**SUPPLIED RECORDS:**

* * * *

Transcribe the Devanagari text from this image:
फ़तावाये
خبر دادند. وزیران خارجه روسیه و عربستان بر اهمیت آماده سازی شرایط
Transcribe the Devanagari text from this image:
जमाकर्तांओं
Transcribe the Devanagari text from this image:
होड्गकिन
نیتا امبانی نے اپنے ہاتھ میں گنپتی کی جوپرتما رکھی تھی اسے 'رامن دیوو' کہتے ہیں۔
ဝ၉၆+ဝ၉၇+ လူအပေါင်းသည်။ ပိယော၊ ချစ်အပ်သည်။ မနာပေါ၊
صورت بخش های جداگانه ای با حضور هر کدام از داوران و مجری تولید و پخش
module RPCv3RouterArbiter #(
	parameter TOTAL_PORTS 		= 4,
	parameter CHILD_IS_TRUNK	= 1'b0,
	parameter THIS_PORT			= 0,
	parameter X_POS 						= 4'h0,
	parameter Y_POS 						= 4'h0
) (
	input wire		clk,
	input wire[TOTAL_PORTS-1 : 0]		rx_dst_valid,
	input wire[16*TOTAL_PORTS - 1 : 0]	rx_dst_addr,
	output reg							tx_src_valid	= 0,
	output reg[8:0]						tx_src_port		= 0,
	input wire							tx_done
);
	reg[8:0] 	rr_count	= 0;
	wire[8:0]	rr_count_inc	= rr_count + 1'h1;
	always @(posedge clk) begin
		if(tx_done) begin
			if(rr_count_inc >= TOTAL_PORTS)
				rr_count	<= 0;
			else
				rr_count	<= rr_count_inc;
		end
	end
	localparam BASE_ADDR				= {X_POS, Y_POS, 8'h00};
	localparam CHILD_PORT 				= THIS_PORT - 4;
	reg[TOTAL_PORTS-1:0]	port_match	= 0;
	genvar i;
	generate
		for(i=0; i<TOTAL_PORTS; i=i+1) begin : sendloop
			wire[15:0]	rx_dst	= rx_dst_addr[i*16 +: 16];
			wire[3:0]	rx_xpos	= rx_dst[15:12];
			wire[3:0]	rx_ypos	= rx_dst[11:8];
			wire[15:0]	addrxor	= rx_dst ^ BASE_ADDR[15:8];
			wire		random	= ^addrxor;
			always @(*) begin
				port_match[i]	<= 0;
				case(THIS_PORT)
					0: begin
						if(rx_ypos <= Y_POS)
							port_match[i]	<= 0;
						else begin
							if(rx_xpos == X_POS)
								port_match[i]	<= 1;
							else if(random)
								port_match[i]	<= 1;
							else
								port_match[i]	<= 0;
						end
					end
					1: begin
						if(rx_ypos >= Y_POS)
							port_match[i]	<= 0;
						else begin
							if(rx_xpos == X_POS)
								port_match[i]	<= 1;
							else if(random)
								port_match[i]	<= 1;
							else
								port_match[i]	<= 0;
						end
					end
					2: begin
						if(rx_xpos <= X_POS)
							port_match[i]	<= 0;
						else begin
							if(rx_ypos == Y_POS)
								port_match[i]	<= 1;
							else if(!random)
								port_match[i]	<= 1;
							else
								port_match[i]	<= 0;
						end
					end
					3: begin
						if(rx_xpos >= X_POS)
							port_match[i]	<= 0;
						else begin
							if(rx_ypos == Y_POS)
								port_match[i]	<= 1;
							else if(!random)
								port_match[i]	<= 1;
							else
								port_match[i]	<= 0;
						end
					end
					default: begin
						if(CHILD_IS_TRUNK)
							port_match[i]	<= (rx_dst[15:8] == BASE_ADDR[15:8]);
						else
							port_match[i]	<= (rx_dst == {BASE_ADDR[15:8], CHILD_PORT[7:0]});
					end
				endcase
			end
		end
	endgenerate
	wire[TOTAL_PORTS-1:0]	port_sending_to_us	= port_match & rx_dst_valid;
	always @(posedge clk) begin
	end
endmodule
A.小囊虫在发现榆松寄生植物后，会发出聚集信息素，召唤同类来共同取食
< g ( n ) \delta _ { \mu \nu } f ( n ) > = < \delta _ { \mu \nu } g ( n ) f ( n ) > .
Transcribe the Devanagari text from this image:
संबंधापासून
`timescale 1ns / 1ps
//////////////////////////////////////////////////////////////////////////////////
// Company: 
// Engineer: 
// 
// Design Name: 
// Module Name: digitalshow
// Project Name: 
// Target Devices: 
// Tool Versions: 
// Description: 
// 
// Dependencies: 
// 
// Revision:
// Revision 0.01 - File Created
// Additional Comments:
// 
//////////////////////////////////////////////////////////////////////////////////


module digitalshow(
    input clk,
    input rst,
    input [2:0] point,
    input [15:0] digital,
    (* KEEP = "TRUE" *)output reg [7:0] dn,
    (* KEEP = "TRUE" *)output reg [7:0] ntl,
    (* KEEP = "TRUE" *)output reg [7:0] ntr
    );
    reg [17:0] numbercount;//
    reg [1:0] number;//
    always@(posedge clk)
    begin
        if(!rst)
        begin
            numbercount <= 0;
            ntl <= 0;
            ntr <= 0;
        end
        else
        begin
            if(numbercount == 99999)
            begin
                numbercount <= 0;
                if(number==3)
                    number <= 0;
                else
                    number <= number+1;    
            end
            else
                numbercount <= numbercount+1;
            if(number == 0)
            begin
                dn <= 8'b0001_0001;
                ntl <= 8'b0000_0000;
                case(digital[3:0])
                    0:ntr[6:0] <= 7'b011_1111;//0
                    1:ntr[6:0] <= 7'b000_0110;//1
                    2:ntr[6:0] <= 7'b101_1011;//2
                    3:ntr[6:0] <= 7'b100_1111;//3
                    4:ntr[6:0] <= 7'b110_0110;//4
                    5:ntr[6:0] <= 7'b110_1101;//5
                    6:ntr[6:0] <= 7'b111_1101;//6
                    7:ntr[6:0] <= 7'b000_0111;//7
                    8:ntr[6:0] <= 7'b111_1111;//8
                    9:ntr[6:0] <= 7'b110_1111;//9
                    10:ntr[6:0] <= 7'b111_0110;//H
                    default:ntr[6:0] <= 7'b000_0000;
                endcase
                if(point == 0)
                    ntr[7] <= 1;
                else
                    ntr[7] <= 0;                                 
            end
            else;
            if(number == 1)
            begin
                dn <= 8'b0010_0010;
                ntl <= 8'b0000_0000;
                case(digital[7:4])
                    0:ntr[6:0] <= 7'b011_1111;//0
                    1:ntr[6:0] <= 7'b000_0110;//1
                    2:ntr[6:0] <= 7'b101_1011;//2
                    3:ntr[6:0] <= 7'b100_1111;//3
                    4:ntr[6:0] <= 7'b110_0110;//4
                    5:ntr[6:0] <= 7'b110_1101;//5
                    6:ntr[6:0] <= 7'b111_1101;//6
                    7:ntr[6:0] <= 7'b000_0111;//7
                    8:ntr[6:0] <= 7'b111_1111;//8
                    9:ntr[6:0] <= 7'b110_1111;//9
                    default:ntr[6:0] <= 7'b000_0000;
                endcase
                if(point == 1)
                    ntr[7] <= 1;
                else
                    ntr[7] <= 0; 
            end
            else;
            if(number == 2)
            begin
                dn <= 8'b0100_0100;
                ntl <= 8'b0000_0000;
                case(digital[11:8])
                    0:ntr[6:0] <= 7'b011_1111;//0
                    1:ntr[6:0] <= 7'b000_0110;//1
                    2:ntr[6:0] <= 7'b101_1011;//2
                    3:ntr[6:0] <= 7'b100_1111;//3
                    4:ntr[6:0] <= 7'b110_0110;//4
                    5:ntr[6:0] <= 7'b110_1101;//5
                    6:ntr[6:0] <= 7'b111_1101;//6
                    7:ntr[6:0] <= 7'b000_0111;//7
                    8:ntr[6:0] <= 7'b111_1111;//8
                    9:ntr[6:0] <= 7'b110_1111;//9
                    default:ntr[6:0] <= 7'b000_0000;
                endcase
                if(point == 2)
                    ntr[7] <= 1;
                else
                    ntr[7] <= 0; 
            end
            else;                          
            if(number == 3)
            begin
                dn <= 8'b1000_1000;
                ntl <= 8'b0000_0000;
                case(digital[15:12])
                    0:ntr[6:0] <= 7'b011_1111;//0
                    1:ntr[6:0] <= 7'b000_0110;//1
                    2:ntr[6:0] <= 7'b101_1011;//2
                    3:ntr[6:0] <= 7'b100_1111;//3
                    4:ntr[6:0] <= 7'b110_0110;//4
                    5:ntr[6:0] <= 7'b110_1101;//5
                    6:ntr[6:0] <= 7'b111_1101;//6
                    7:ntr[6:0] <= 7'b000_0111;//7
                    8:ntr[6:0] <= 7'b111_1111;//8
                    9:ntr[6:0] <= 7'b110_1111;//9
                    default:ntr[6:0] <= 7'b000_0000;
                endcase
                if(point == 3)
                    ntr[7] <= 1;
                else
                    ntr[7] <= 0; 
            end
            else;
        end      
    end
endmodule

* * * *

**WHAT THIS TASK INVOLVES:**
Output nothing but the number of lines in the data containing the string "parameter".

**YOUR RESPONSE:**
5